Today, the six-track EP, What Doesn’t Steal You, has officially arrived. It is a cathartic force, leading the way with deeply vulnerable explorations of loss, identity, and the quiet spaces left behind in their wake.
While Riley spends most of his time anchoring the fierce, high-octane hardcore of Initiate, Light Once Lost allows a moment of simplicity and the stripping away of armor. The project originated in 2020, driven by a search for a coping mechanism after his father passed. While 2024’s Specific Fears EP was born from that era, in What Doesn’t Steal You, Riley unravels this grief into a disorienting exploration of being a stranger in your own life—trying to process, or even run from, grief, relational insecurity, and societal expectations.

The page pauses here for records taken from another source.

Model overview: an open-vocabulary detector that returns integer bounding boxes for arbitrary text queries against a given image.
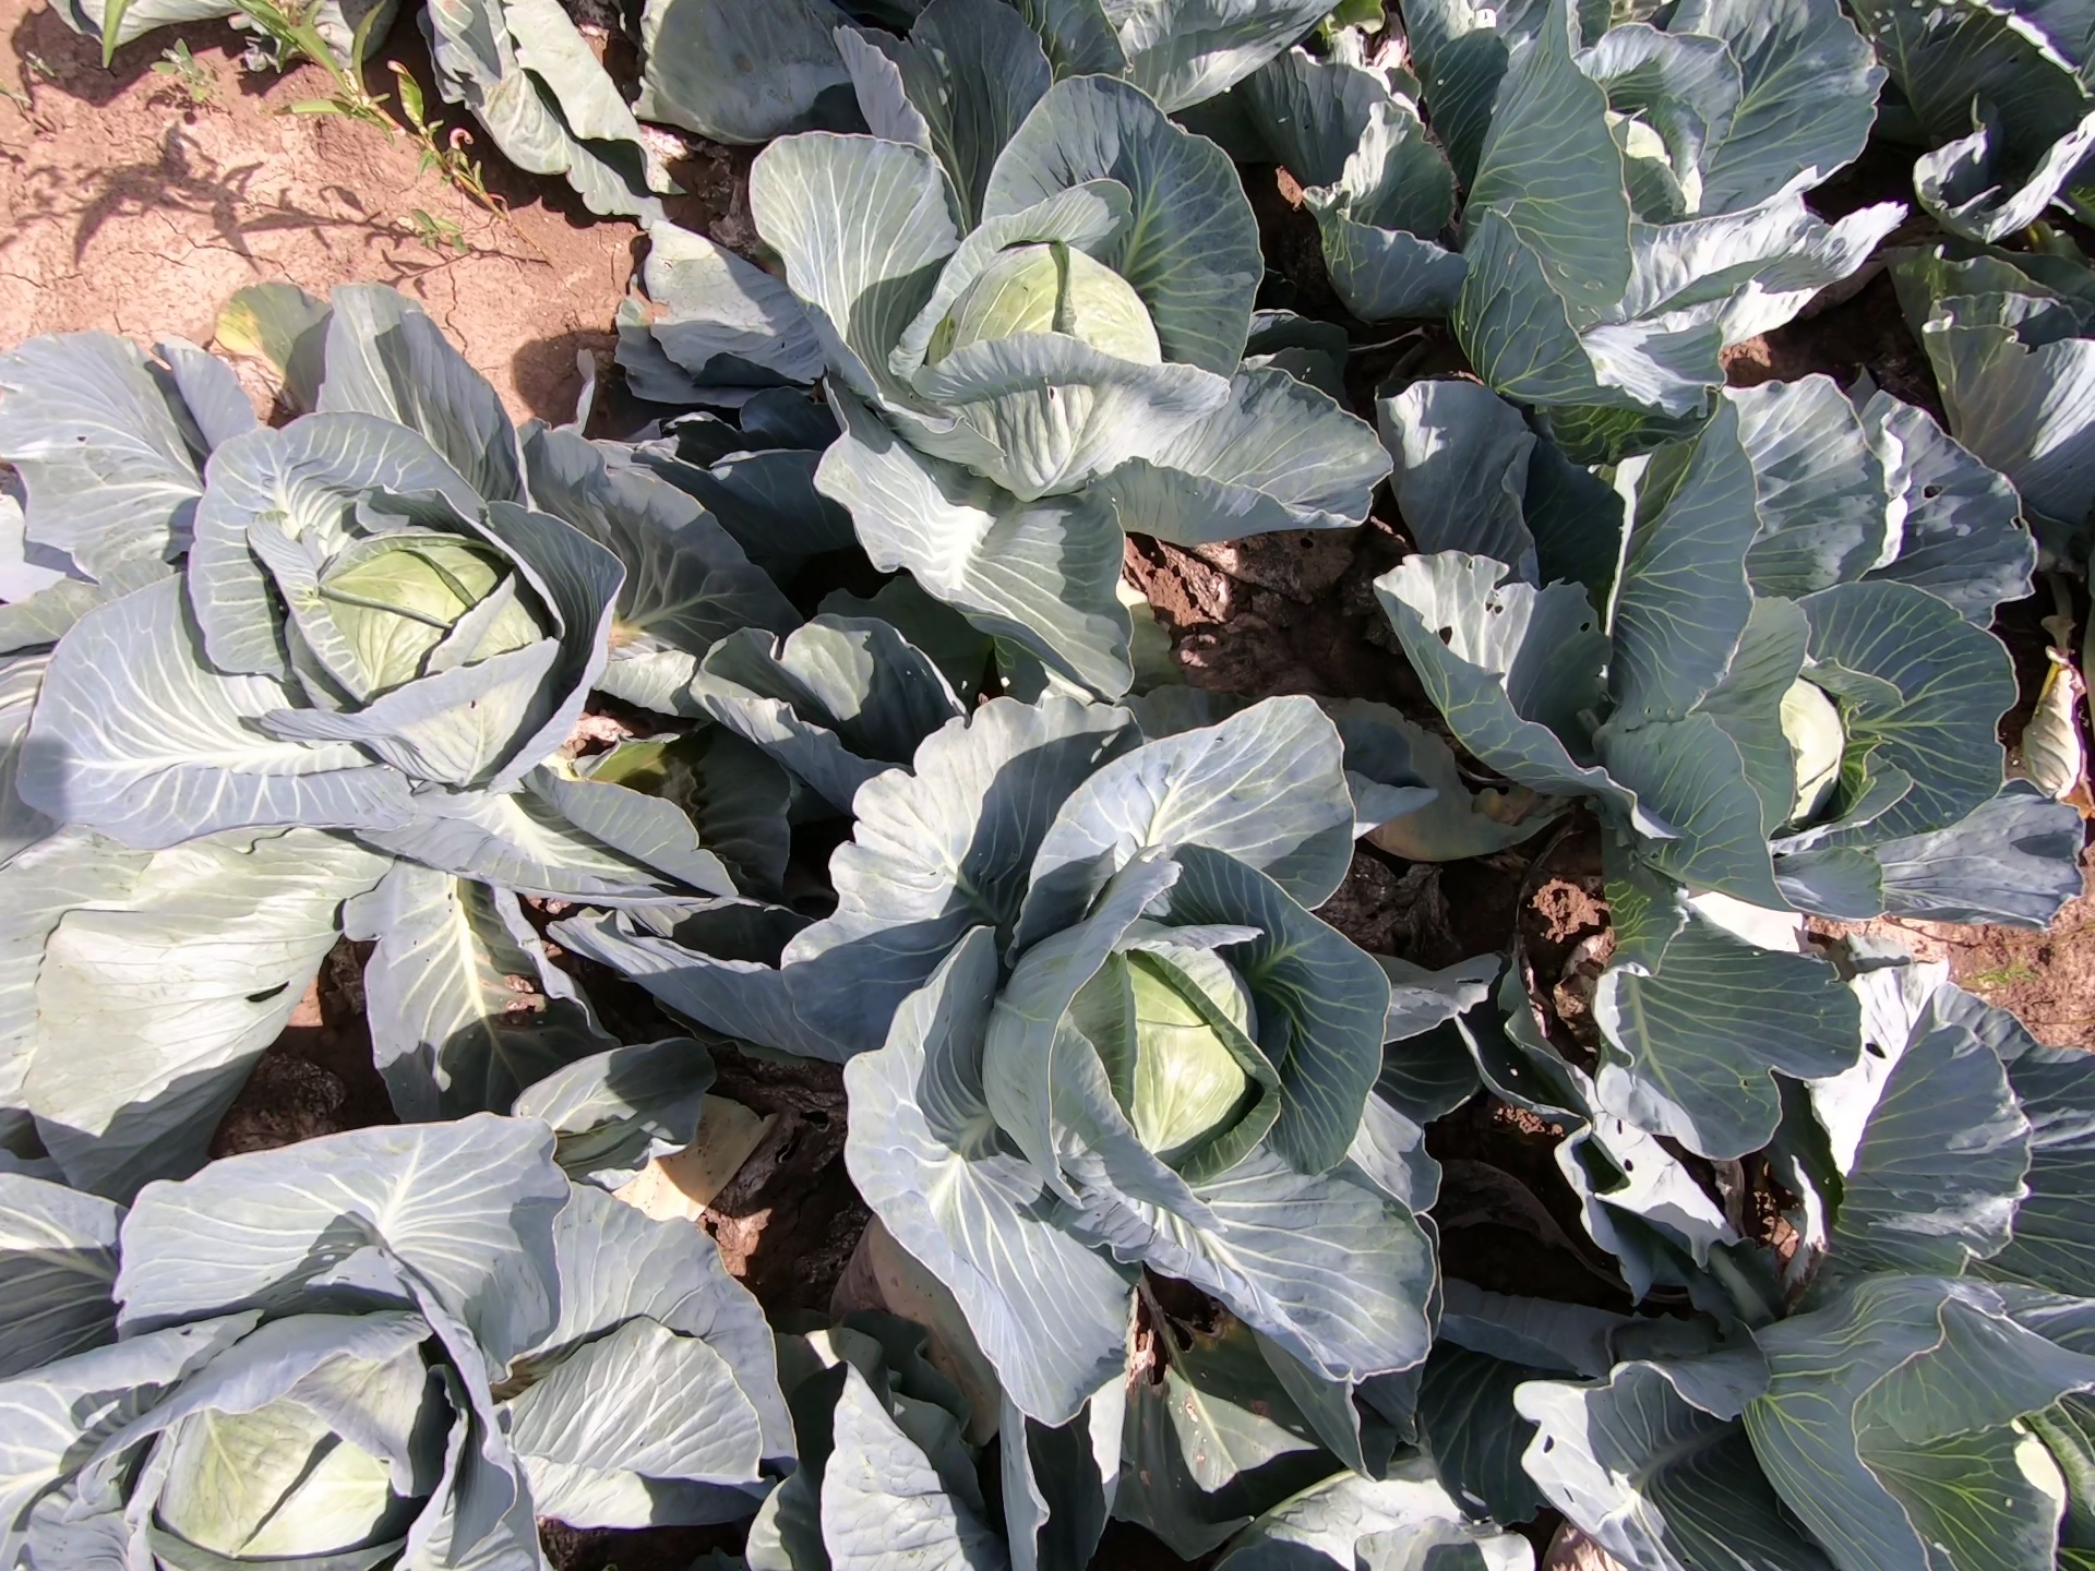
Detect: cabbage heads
[925,241,1166,475]
[1793,1309,2080,1562]
[1703,655,1845,832]
[1573,101,1707,249]
[298,531,551,770]
[997,918,1264,1188]
[146,1314,455,1570]

A deliberate pairing of jarring lyrical realism with alive, upbeat rhythms drives the EP to brilliance, exploding from the start with the opening track, “Swimming in Fountains.” Over melodies that cultivate images of a beautiful golden hour in your mind, Riley delivers what might be some of the most gut-wrenching lyrics on the record: “My father was a fixer, he fixed his own grave / Didn’t let me in on the values he made / All at once, it all just went away.” This complex and beautiful ode to the unresolved questions that follow sudden loss feels triumphant while remaining achingly raw.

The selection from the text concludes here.